Hindu temple in Jhabua, Madhya Pradesh

Gopal Mandir is a Hindu temple and religious institution situated in Gopal Colony in Jhabua, Madhya Pradesh, India. The temple is associated with Ramshankar Jani, Ghanshyam Jani and Ravikantaben Jani, who are referred to by followers as Bade Bapji, Chhote Bapji and Gopal Prabhu respectively.

== History ==
According to a 2024 report published by Dainik Jagran, the temple was constructed in 1970. The report states that Vishwanath Trivedi, also known as Mota Bhai, played an important role in its construction along with members of the devotees' group and the trust. A trust was subsequently formed for the administration of the temple.

== Religious and cultural activities ==
The temple holds regular religious programmes. Dainik Jagran reported that a morning aarti is conducted at 9:30 a.m. and an evening devotional singing programme is held from 8:00 p.m.

An annual religious festival is organised in May. According to Dainik Jagran, the festival lasts four days and includes temple decoration, devotional programmes and a community meal. Local news reports have also covered religious gatherings and anniversary celebrations organised at the temple.

In August 2022, Rajasthan Patrika organised a discussion concerning the 75th anniversary of Indian independence in the Gopal Mandir premises. Participants discussed national unity, the meaning of independence and their memories of the independence movement.

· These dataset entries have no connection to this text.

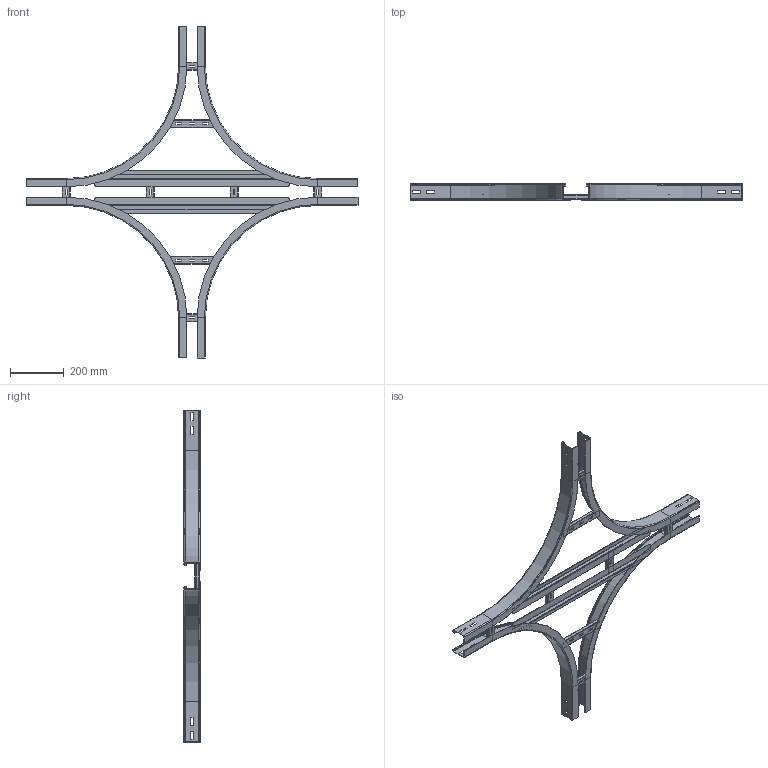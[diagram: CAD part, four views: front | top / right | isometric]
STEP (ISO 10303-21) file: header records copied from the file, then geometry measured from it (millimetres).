
FILE_DESCRIPTION(/* description */ (''),/* implementation_level */ '2;1');
FILE_NAME(/* name */ 'CZDC100H60.stp',/* time_stamp */ '2020-05-19T10:11:31+02:00',/* author */ ('NB06DT_User'),/* organization */ (''),/* preprocessor_version */ 'ST-DEVELOPER v18.1',/* originating_system */ 'Autodesk Inventor 2021',/* authorisation */ '');
FILE_SCHEMA (('AUTOMOTIVE_DESIGN { 1 0 10303 214 3 1 1 }'));
Length unit declared in the file: millimetre
Products named in the file (5): CZDC100H45; LDC...H45N wewnętrzny; szczebel 30x15x190; szczebel 30x15x390; szczebel trójnika drabinki 100
Assembly tree (14 placements, depth 2):
  CZDC100H45
    LDC...H45N wewnętrzny  x4
    szczebel 30x15x390  x6
    szczebel 30x15x190  x2
    szczebel trójnika drabinki 100  x2
Bounding box: 1240 x 60 x 1240 mm (x, y, z)
Volume: 999475.8 mm3; surface area: 1186546.8 mm2
Topology: 14 solids, 14 shells, 732 faces, 1632 edges, 928 vertices
Faces by surface type: plane 540, cylinder 160, torus 24, bspline 8
Full cylindrical faces by diameter (mm): 3 x8
Entity records: 6063 total; most frequent: CARTESIAN_POINT 1099, DIRECTION 1012, ORIENTED_EDGE 948, EDGE_CURVE 474, LINE 370, VECTOR 370, AXIS2_PLACEMENT_3D 321, VERTEX_POINT 272
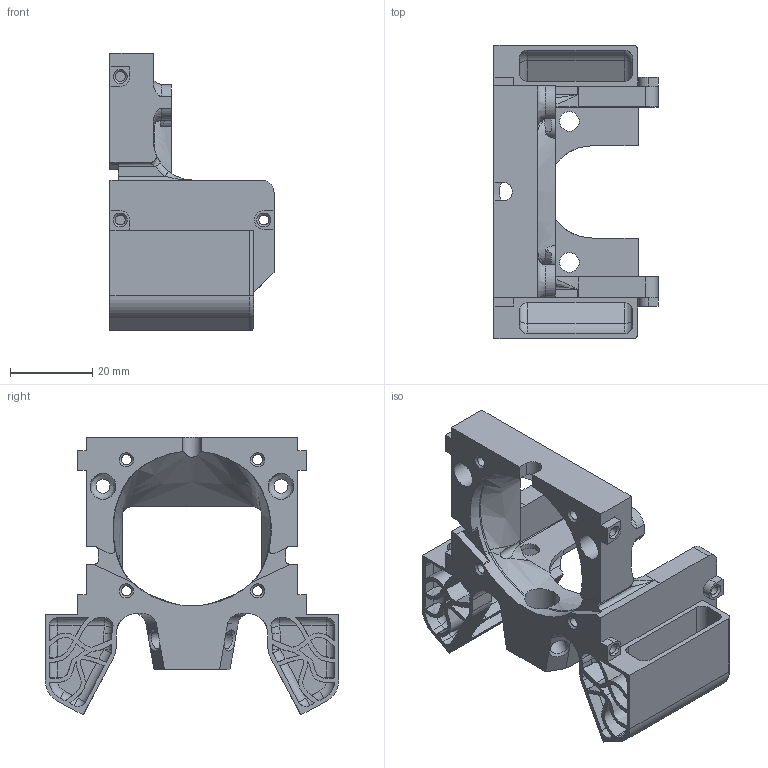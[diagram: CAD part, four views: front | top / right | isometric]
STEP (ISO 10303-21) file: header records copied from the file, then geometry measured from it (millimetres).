
FILE_DESCRIPTION(/* description */ (''),/* implementation_level */ '2;1');
FILE_NAME(/* name */ '02_39__XP__PHead_E0_Fan_Duct___V1.0.step',/* time_stamp */ '2025-04-03T11:28:02+02:00',/* author */ (''),/* organization */ (''),/* preprocessor_version */ 'ST-DEVELOPER v20.1',/* originating_system */ 'Autodesk Translation Framework v14.4.0.0',/* authorisation */ '');
FILE_SCHEMA (('AUTOMOTIVE_DESIGN { 1 0 10303 214 3 1 1 }'));
Length unit declared in the file: millimetre
Products named in the file (1): 02_39__XP__PHead_E0_Fan_Duct___V1.0
Bounding box: 40 x 71.61 x 67.73 mm (x, y, z)
Volume: 24825.6 mm3; surface area: 22263.3 mm2
Topology: 1 solids, 1 shells, 461 faces, 1303 edges, 855 vertices
Faces by surface type: plane 187, cylinder 139, bspline 94, torus 18, cone 13, sphere 10
Full cylindrical faces by diameter (mm): 2.4 x6, 2.45 x4, 3.4 x2, 4.3 x2, 4.8 x2, 6.3 x2, 8.5 x1
Entity records: 24829 total; most frequent: CARTESIAN_POINT 13486, ORIENTED_EDGE 2606, DIRECTION 2018, EDGE_CURVE 1303, VERTEX_POINT 855, AXIS2_PLACEMENT_3D 724, LINE 570, VECTOR 570
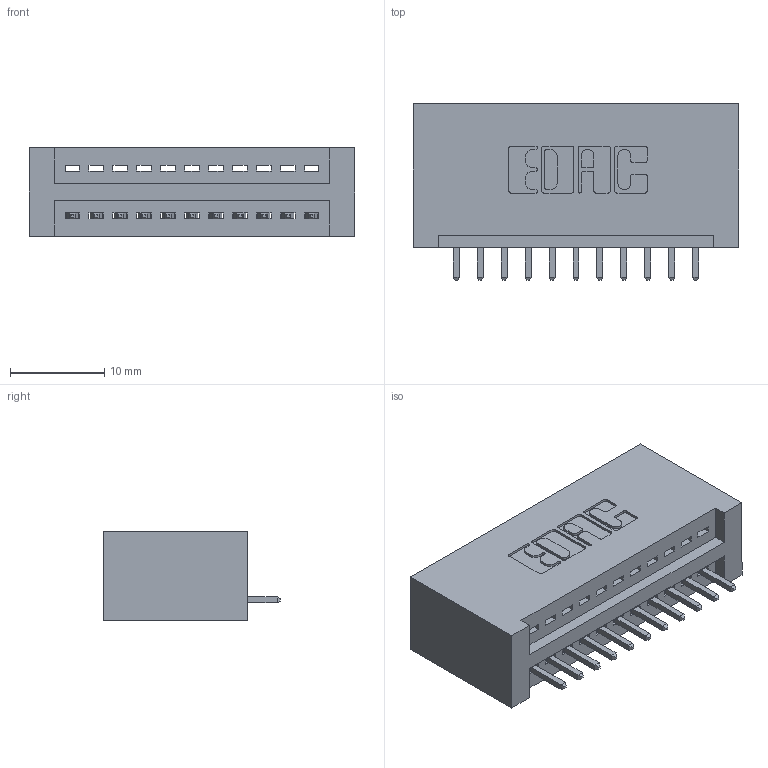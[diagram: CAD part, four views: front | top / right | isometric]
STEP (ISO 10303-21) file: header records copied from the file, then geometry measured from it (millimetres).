
FILE_DESCRIPTION (( 'STEP AP203' ), '1' );
FILE_NAME ('345-011-521-101.STEP', '2018-08-17T22:53:48', ( '' ), ( '' ), 'SwSTEP 2.0', 'SolidWorks 2016', '' );
FILE_SCHEMA (( 'CONFIG_CONTROL_DESIGN' ));
Length unit declared in the file: inch
Products named in the file (3): 345 Part_No Mounting Lugs; 345-292-001_345-293-121; 345-011-521-101
Assembly tree (12 placements, depth 2):
  345-011-521-101
    345 Part_No Mounting Lugs
    345-292-001_345-293-121  x11
Bounding box: 34.54 x 18.72 x 9.4 mm (x, y, z)
Volume: 3580.1 mm3; surface area: 4404.1 mm2
Topology: 12 solids, 12 shells, 756 faces, 2253 edges, 1486 vertices
Faces by surface type: plane 516, cylinder 240
Entity records: 12193 total; most frequent: CARTESIAN_POINT 2121, ORIENTED_EDGE 2066, DIRECTION 1891, EDGE_CURVE 1033, LINE 865, VECTOR 865, VERTEX_POINT 686, AXIS2_PLACEMENT_3D 513
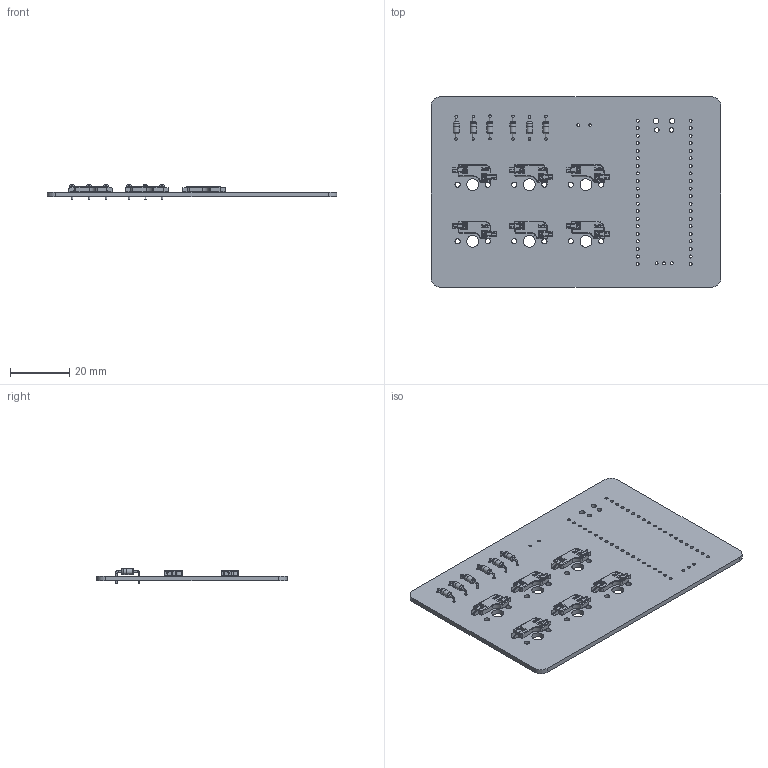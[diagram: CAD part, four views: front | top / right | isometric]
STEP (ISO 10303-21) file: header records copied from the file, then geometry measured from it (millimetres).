
FILE_DESCRIPTION(('KiCad electronic assembly'),'2;1');
FILE_NAME('sye-wijha-keyboard-pcb.step','2024-07-02T18:02:09',('Pcbnew') ,('Kicad'),'Open CASCADE STEP processor 7.6','KiCad to STEP converter' ,'Unknown');
FILE_SCHEMA(('AUTOMOTIVE_DESIGN { 1 0 10303 214 1 1 1 1 }'));
Length unit declared in the file: millimetre
Products named in the file (6): sye-wijha-keyboard-pcb 1; HS_CPG151101S11_MX; Kailh Hotswap RightVersion v23; D_DO-35_SOD27_P7.62mm_Horizontal; sye-wijha-keyboard-pcb_PCB
Assembly tree (15 placements, depth 3):
  sye-wijha-keyboard-pcb 1
    HS_CPG151101S11_MX  x6
      Kailh Hotswap RightVersion v23
    D_DO-35_SOD27_P7.62mm_Horizontal  x6
      D_DO-35_SOD27_P7.62mm_Horizontal
    sye-wijha-keyboard-pcb_PCB
Bounding box: 97.5 x 63.99 x 5.01 mm (x, y, z)
Volume: 10231.6 mm3; surface area: 15327.6 mm2
Topology: 31 solids, 31 shells, 2807 faces, 6879 edges, 4224 vertices
Faces by surface type: plane 1614, cylinder 701, bspline 348, torus 84, cone 60
Full cylindrical faces by diameter (mm): 0.5 x18, 0.8 x12, 0.9 x2, 1.02 x43, 1.5 x2, 1.75 x12, 1.8 x2, 2 x12, 2.02 x6, 2.9 x12, 3 x12, 3.988 x6
Entity records: 17900 total; most frequent: CARTESIAN_POINT 4089, ORIENTED_EDGE 2788, DIRECTION 2687, EDGE_CURVE 1394, AXIS2_PLACEMENT_3D 907, LINE 873, VECTOR 873, VERTEX_POINT 869
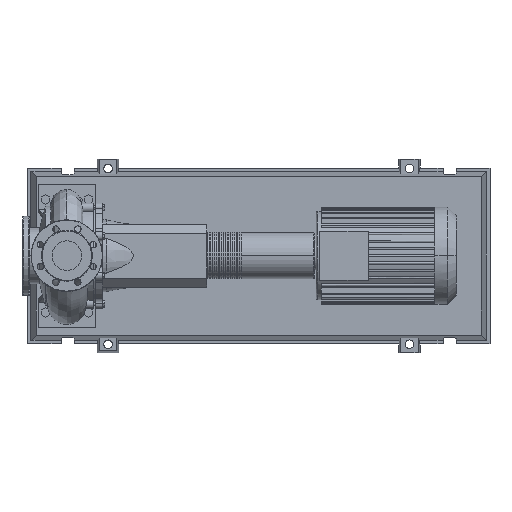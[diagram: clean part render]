
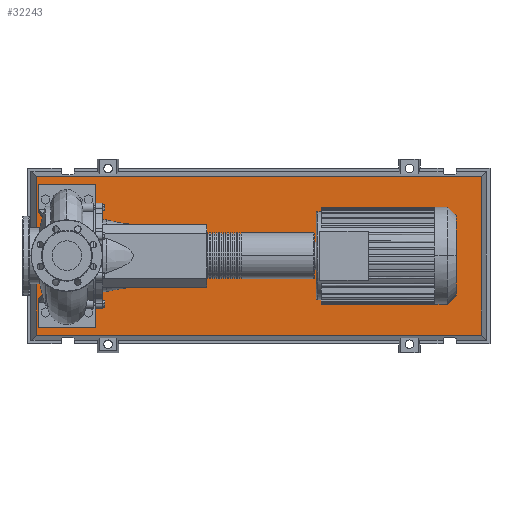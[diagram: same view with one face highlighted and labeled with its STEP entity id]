
A CAD part, top view. The second image highlights one B-rep face of the part: STEP entity #32243.
In plain terms, the highlighted planar face has unit normal (0, 0, 1).
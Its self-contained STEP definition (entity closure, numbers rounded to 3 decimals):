
#31924=CARTESIAN_POINT('',(1155.471,-220.471,103.0));
#31925=VERTEX_POINT('',#31924);
#31932=CARTESIAN_POINT('',(-85.471,-220.471,103.0));
#31933=VERTEX_POINT('',#31932);
#31934=CARTESIAN_POINT('',(1155.471,-220.471,103.0));
#31935=DIRECTION('',(-1.0,0.0,0.0));
#31936=VECTOR('',#31935,1240.941);
#31937=LINE('',#31934,#31936);
#31938=EDGE_CURVE('',#31925,#31933,#31937,.T.);
#32156=CARTESIAN_POINT('',(1155.471,220.471,103.0));
#32157=VERTEX_POINT('',#32156);
#32158=CARTESIAN_POINT('',(1155.471,220.471,103.0));
#32159=DIRECTION('',(0.0,-1.0,0.0));
#32160=VECTOR('',#32159,440.941);
#32161=LINE('',#32158,#32160);
#32162=EDGE_CURVE('',#32157,#31925,#32161,.T.);
#32180=CARTESIAN_POINT('',(-85.471,220.471,103.0));
#32181=VERTEX_POINT('',#32180);
#32182=CARTESIAN_POINT('',(-85.471,-220.471,103.0));
#32183=DIRECTION('',(0.0,1.0,0.0));
#32184=VECTOR('',#32183,440.941);
#32185=LINE('',#32182,#32184);
#32186=EDGE_CURVE('',#31933,#32181,#32185,.T.);
#32219=CARTESIAN_POINT('',(-85.471,220.471,103.0));
#32220=DIRECTION('',(1.0,0.0,0.0));
#32221=VECTOR('',#32220,1240.941);
#32222=LINE('',#32219,#32221);
#32223=EDGE_CURVE('',#32181,#32157,#32222,.T.);
#32232=CARTESIAN_POINT('',(535.,0.,103.0));
#32233=DIRECTION('',(0.0,0.0,1.0));
#32234=DIRECTION('',(1.0,0.0,0.0));
#32235=AXIS2_PLACEMENT_3D('',#32232,#32233,#32234);
#32236=PLANE('',#32235);
#32237=ORIENTED_EDGE('',*,*,#32162,.F.);
#32238=ORIENTED_EDGE('',*,*,#32223,.F.);
#32239=ORIENTED_EDGE('',*,*,#32186,.F.);
#32240=ORIENTED_EDGE('',*,*,#31938,.F.);
#32241=EDGE_LOOP('',(#32237,#32238,#32239,#32240));
#32242=FACE_OUTER_BOUND('',#32241,.T.);
#32243=ADVANCED_FACE('',(#32242),#32236,.T.);
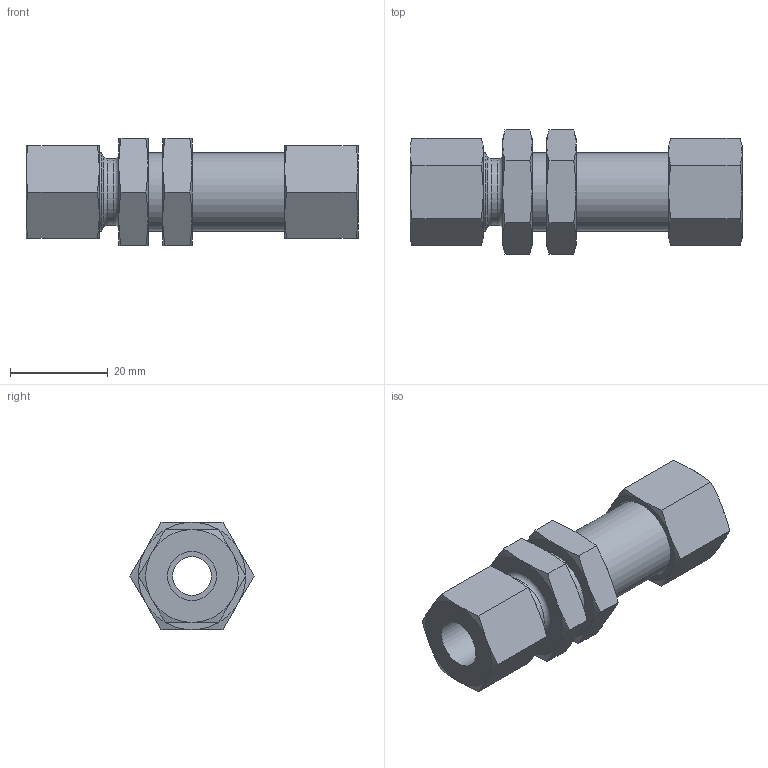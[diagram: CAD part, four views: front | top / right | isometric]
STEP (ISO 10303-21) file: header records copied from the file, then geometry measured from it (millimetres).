
FILE_DESCRIPTION(( 'OX.15.10.00.stp' ), '1');
FILE_NAME( 'OX.15.10.00.stp', '2021-02-26T18:20:17',( 'Sopra'),('sopra-pneumatic.com'), 'SwSTEP 2.0','SolidWorks 2009','' );
FILE_SCHEMA( ( 'CONFIG_CONTROL_DESIGN' ) );
Length unit declared in the file: millimetre
Products named in the file (1): _GSV-10L 708.1500.100.20 3
Bounding box: 68 x 25.4 x 22 mm (x, y, z)
Volume: 15148.8 mm3; surface area: 7809.5 mm2
Topology: 1 solids, 1 shells, 96 faces, 204 edges, 118 vertices
Faces by surface type: cone 53, plane 34, cylinder 7, torus 2
Full cylindrical faces by diameter (mm): 8 x1, 10 x2, 13.6 x1, 16 x3
Entity records: 2772 total; most frequent: CARTESIAN_POINT 881, ORIENTED_EDGE 376, DIRECTION 354, EDGE_CURVE 188, AXIS2_PLACEMENT_3D 165, EDGE_LOOP 120, VERTEX_POINT 116, FACE_OUTER_BOUND 105
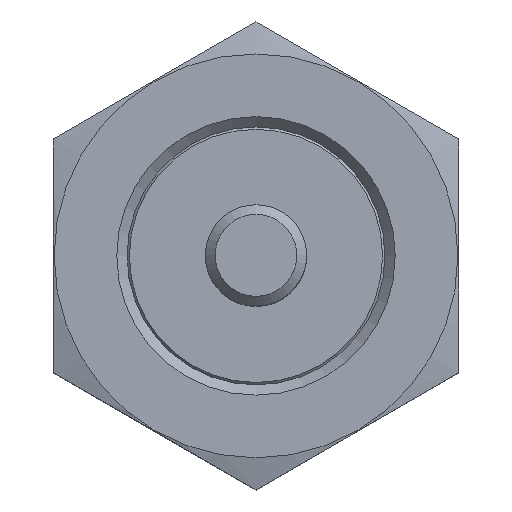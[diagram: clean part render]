
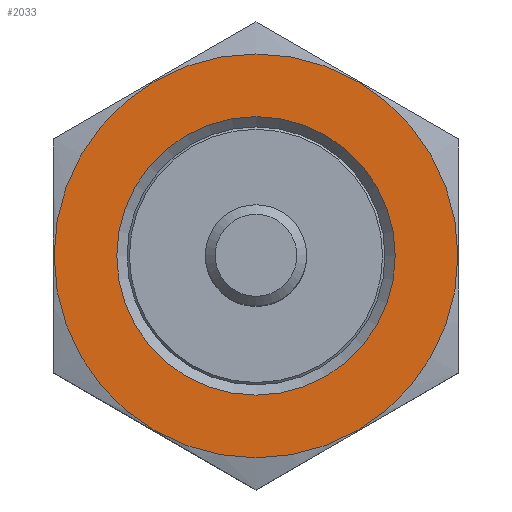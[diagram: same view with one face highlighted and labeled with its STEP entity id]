
A CAD part, top view. The second image highlights one B-rep face of the part: STEP entity #2033.
In plain terms, the highlighted face is planar.
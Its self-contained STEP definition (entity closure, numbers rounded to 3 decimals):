
#577=ORIENTED_EDGE('',*,*,#827,.F.);
#578=ORIENTED_EDGE('',*,*,#828,.T.);
#827=EDGE_CURVE('',#987,#987,#1094,.T.);
#828=EDGE_CURVE('',#988,#988,#1095,.T.);
#987=VERTEX_POINT('',#3145);
#988=VERTEX_POINT('',#3147);
#1094=CIRCLE('',#2218,15.95);
#1095=CIRCLE('',#2219,11.);
#1217=EDGE_LOOP('',(#577));
#1218=EDGE_LOOP('',(#578));
#1366=FACE_BOUND('',#1217,.T.);
#1367=FACE_BOUND('',#1218,.T.);
#1440=PLANE('',#2217);
#2033=ADVANCED_FACE('',(#1366,#1367),#1440,.F.);
#2217=AXIS2_PLACEMENT_3D('',#3143,#2612,#2613);
#2218=AXIS2_PLACEMENT_3D('',#3144,#2614,#2615);
#2219=AXIS2_PLACEMENT_3D('',#3146,#2616,#2617);
#2612=DIRECTION('',(0.,-1.,0.));
#2613=DIRECTION('',(0.,0.,-1.));
#2614=DIRECTION('',(0.,-1.,0.));
#2615=DIRECTION('',(0.,0.,-1.));
#2616=DIRECTION('',(0.,-1.,0.));
#2617=DIRECTION('',(0.,0.,-1.));
#3143=CARTESIAN_POINT('',(0.,0.,0.));
#3144=CARTESIAN_POINT('',(0.,0.,0.));
#3145=CARTESIAN_POINT('',(0.,0.,-15.95));
#3146=CARTESIAN_POINT('',(0.,0.,0.));
#3147=CARTESIAN_POINT('',(0.,0.,-11.));

== Educational and cultural institutions ==
The temple complex includes the Shri Gopal Vachanalaya, a library containing approximately 20,000 books on religion, culture, history and literature.

The complex also includes Shri Gopal Shishu Vidya Mandir, a school providing education for children from Classes 1 to 5.

== Online religious services ==
In 2019, Dainik Bhaskar reported that live viewing of activities at Gopal Mandir had been made available through mobile devices.

== Location and access ==
The temple is located in Gopal Colony in the central part of Jhabua. Jhabua is the administrative headquarters of Jhabua district in western Madhya Pradesh.

The nearest railway station is Meghnagar railway station, approximately 15 kilometres from Jhabua. Indore is approximately 150 kilometres from Jhabua and is connected to the town by road.